EXERCISE OBJECTIVE
Reproduce all the records word for word. Omit images.

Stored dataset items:
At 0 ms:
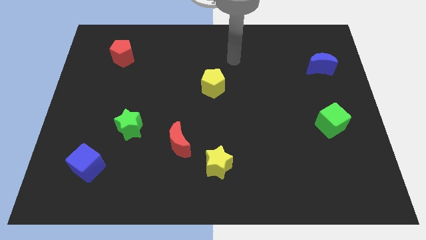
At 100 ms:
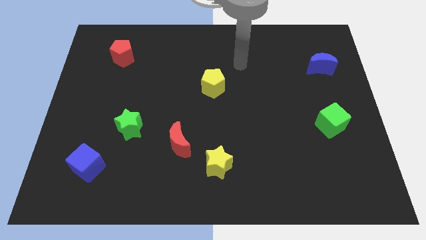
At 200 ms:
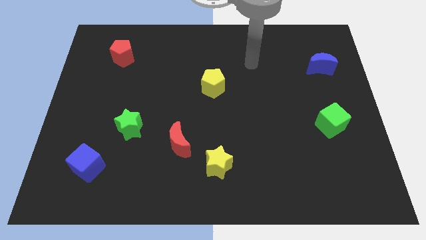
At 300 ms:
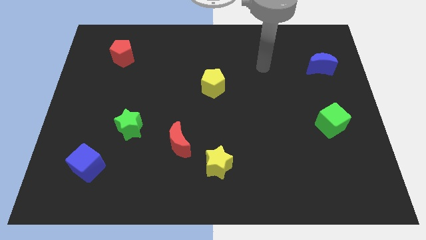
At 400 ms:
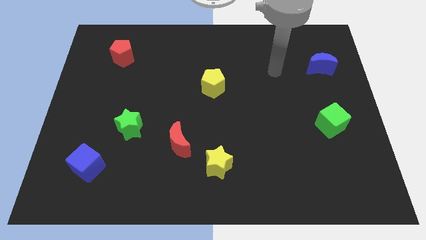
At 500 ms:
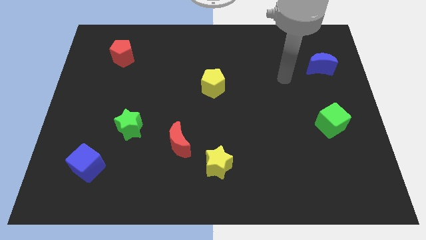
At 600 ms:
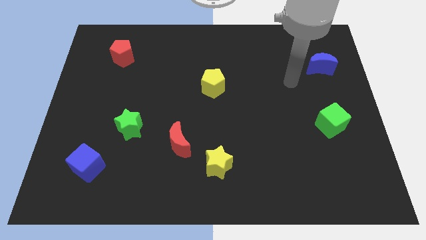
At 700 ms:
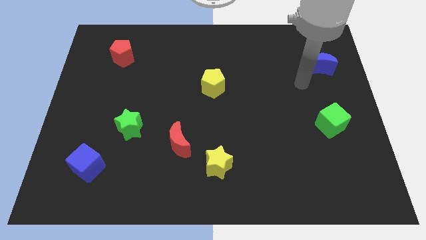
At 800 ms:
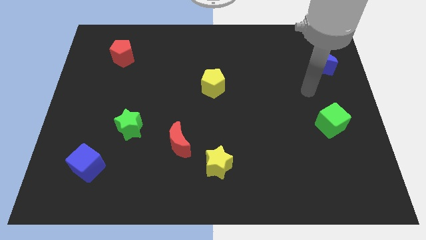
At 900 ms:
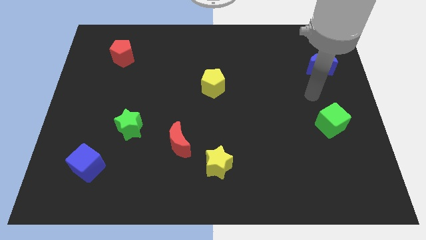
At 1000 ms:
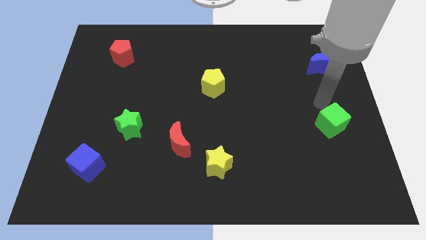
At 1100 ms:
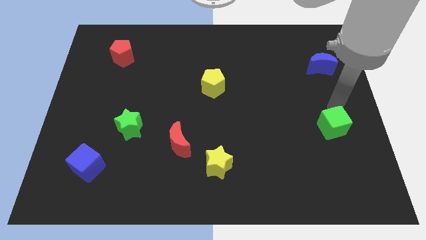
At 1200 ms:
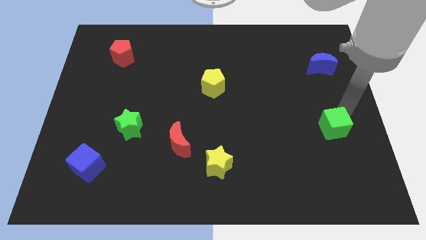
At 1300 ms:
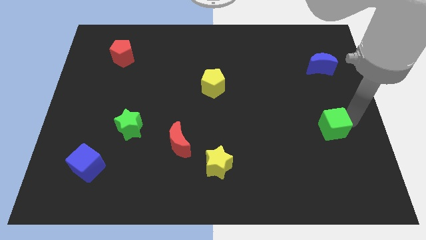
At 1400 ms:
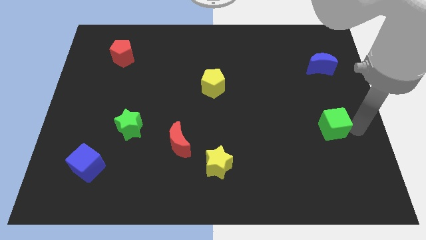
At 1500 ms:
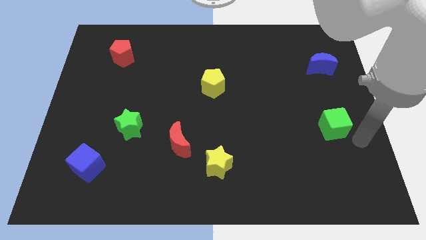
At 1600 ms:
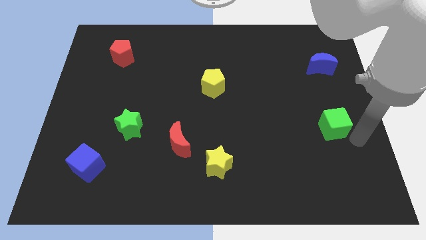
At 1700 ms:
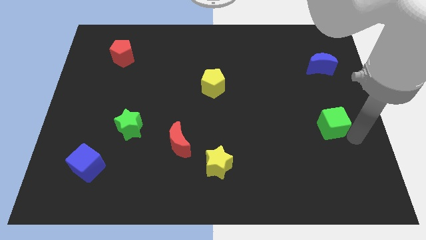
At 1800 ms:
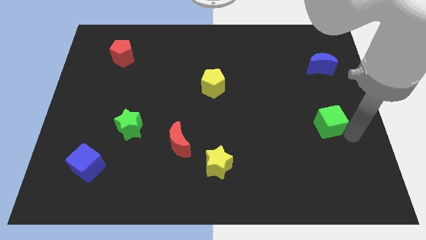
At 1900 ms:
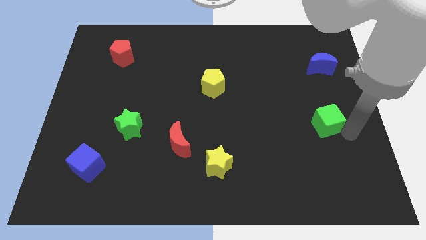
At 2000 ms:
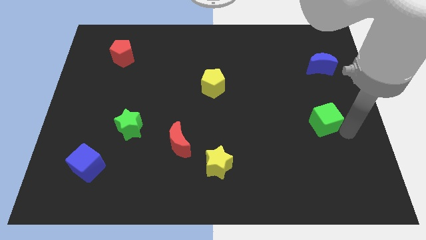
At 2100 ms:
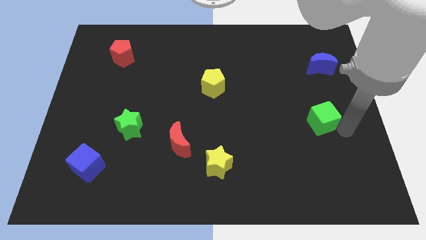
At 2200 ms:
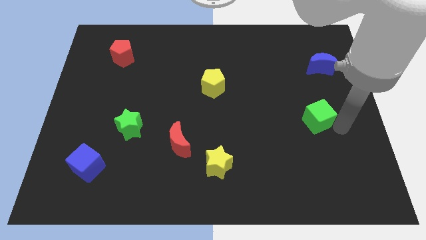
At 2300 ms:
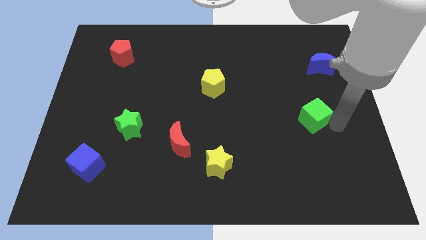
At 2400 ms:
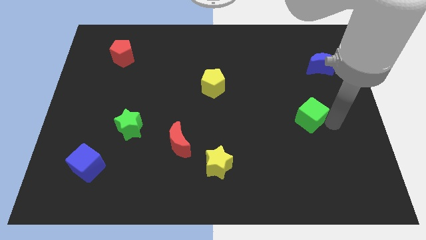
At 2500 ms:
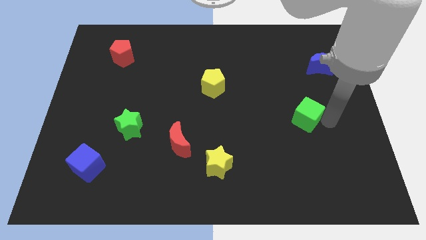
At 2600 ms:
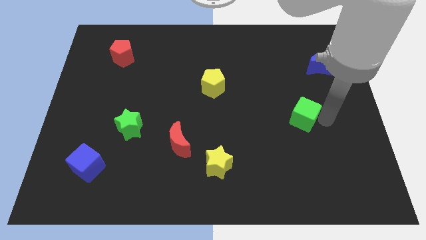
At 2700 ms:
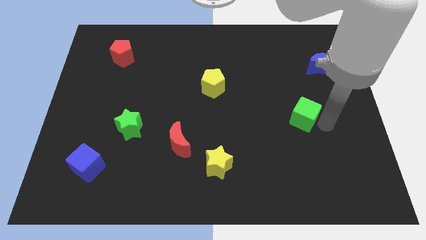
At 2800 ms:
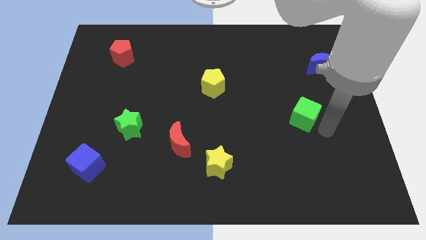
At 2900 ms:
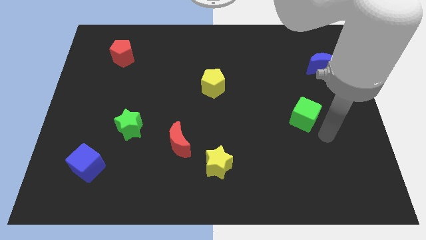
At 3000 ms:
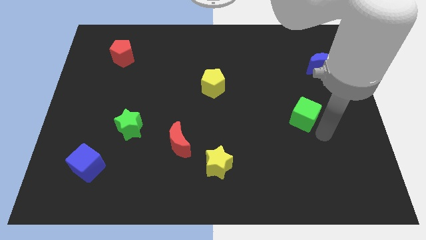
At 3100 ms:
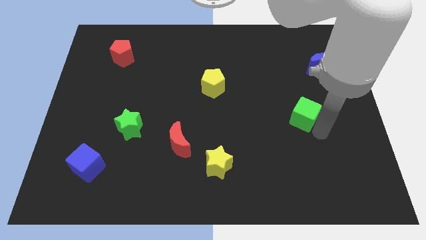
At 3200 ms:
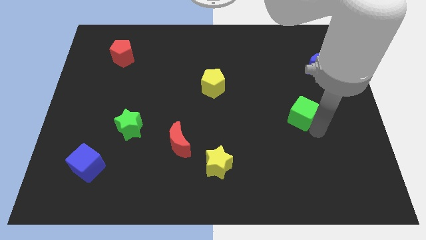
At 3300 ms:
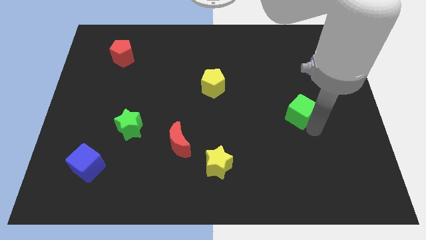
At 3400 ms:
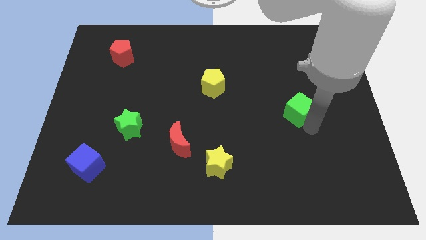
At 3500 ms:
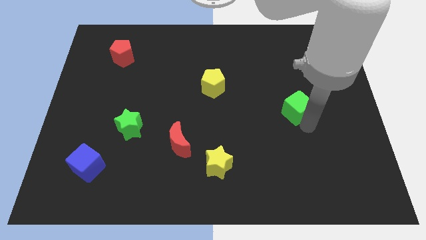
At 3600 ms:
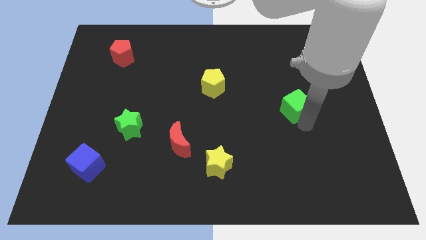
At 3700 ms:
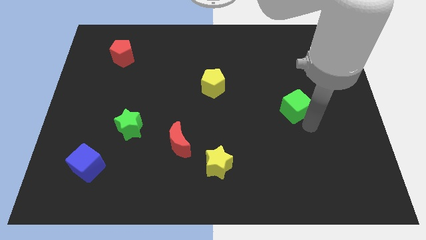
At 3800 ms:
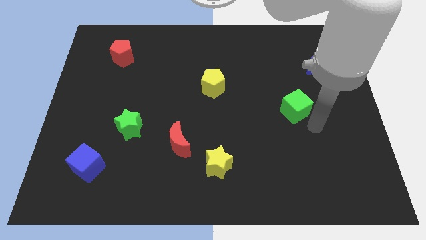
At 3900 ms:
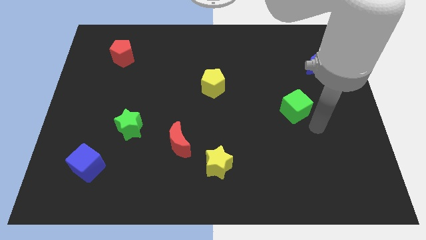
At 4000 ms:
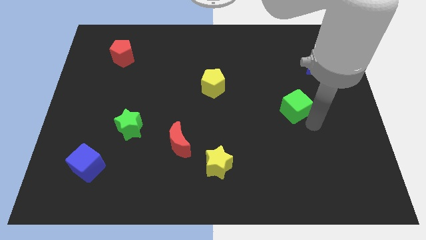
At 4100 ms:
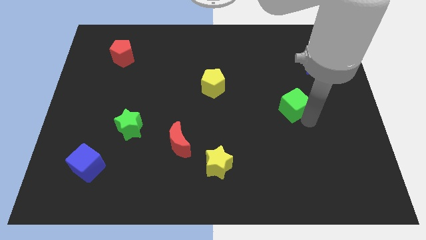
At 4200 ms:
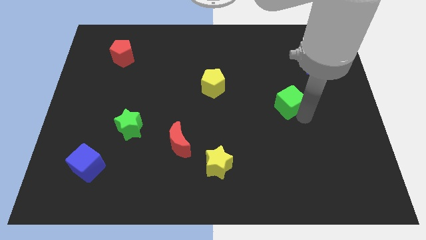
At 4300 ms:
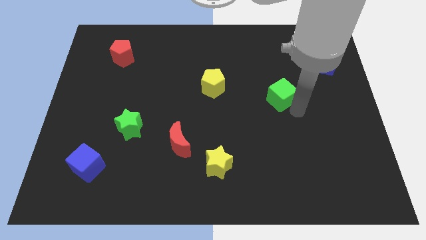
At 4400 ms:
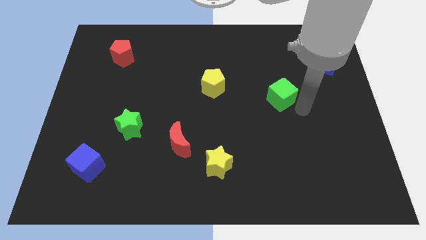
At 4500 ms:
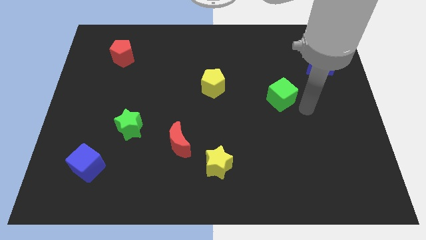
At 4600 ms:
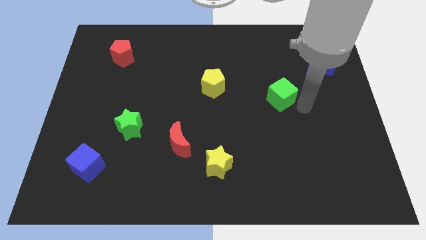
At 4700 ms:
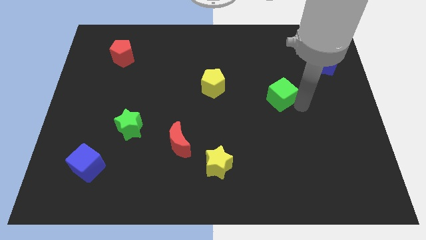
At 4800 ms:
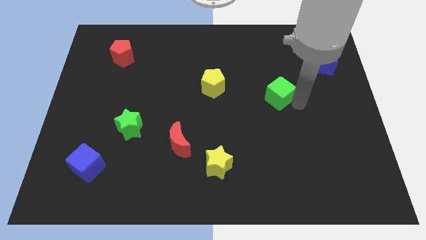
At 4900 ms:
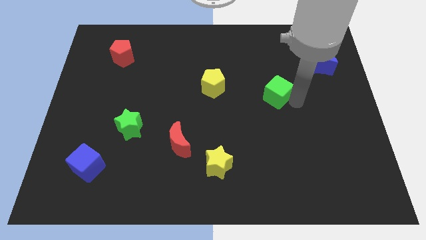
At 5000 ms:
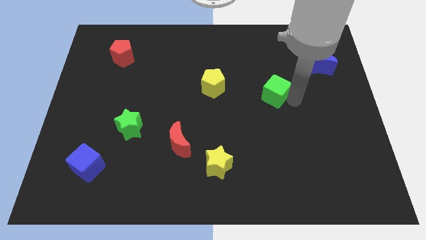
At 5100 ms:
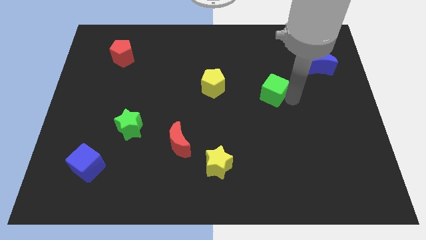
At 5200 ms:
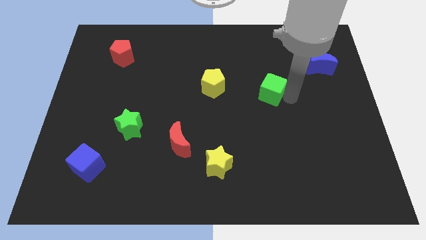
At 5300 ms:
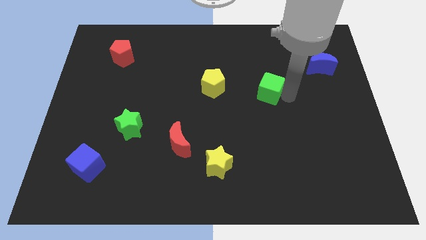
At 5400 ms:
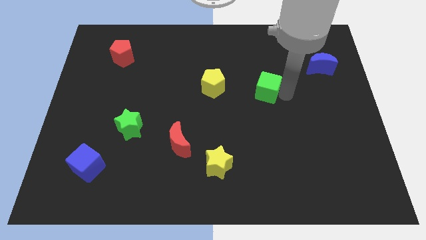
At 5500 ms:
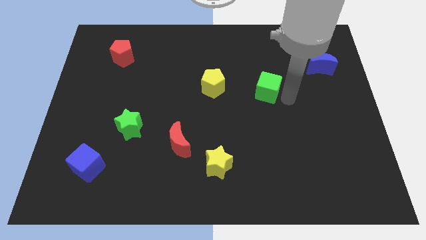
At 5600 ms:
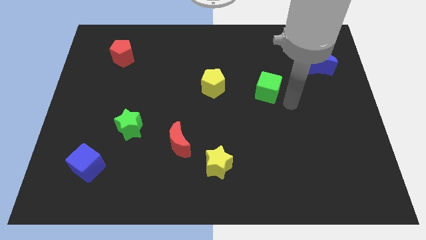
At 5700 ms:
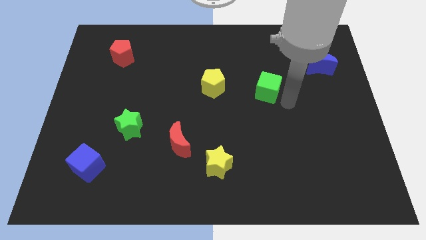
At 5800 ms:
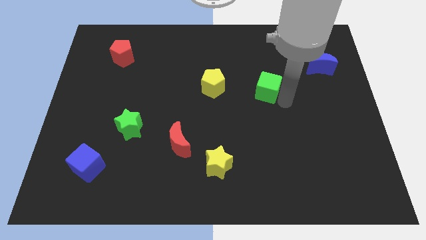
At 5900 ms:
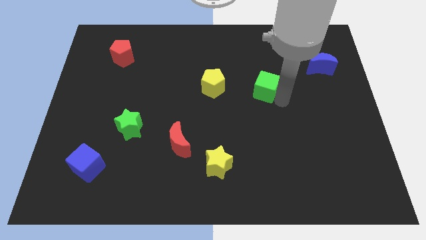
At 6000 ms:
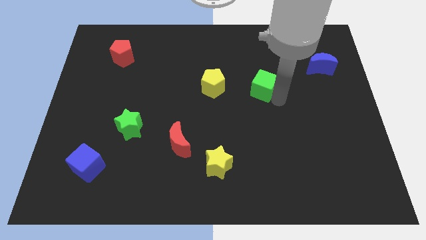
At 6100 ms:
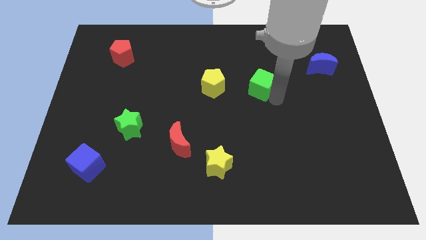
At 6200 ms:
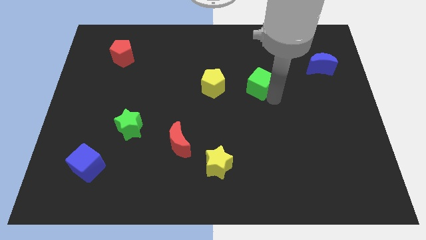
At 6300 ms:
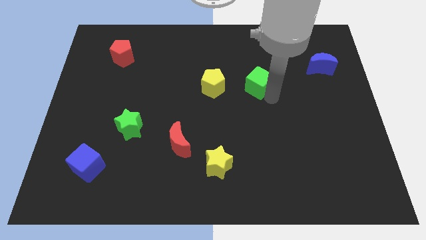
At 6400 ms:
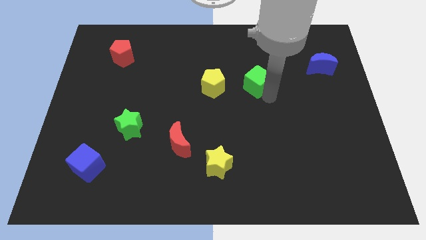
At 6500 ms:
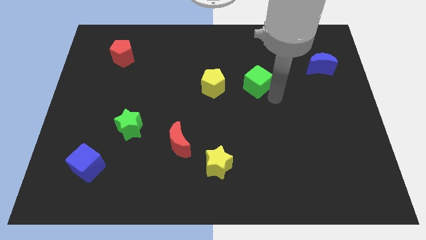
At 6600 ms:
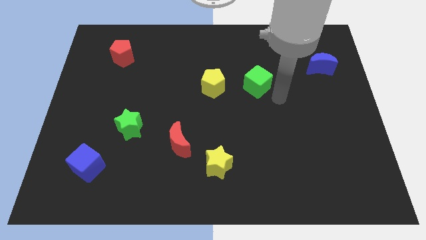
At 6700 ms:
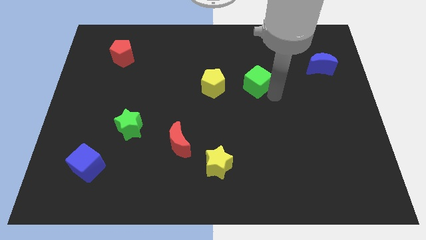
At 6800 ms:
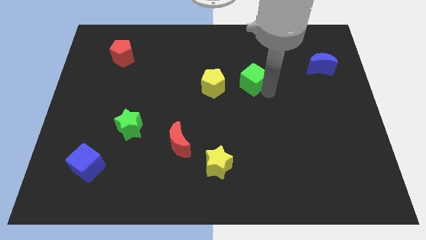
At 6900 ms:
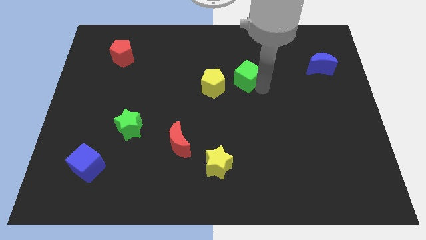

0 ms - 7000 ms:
slide the green cube diagonally up and to the right of the yellow pentagon

SOLUTION
At 0 ms:
At 100 ms:
At 200 ms:
At 300 ms:
At 400 ms:
At 500 ms:
At 600 ms:
At 700 ms:
At 800 ms:
At 900 ms:
At 1000 ms:
At 1100 ms:
At 1200 ms:
At 1300 ms:
At 1400 ms:
At 1500 ms:
At 1600 ms:
At 1700 ms:
At 1800 ms:
At 1900 ms:
At 2000 ms:
At 2100 ms:
At 2200 ms:
At 2300 ms:
At 2400 ms:
At 2500 ms:
At 2600 ms:
At 2700 ms:
At 2800 ms:
At 2900 ms:
At 3000 ms:
At 3100 ms:
At 3200 ms:
At 3300 ms:
At 3400 ms:
At 3500 ms:
At 3600 ms:
At 3700 ms:
At 3800 ms:
At 3900 ms:
At 4000 ms:
At 4100 ms:
At 4200 ms:
At 4300 ms:
At 4400 ms:
At 4500 ms:
At 4600 ms:
At 4700 ms:
At 4800 ms:
At 4900 ms:
At 5000 ms:
At 5100 ms:
At 5200 ms:
At 5300 ms:
At 5400 ms:
At 5500 ms:
At 5600 ms:
At 5700 ms:
At 5800 ms:
At 5900 ms:
At 6000 ms:
At 6100 ms:
At 6200 ms:
At 6300 ms:
At 6400 ms:
At 6500 ms:
At 6600 ms:
At 6700 ms:
At 6800 ms:
At 6900 ms:

0 ms - 7000 ms:
slide the green cube diagonally up and to the right of the yellow pentagon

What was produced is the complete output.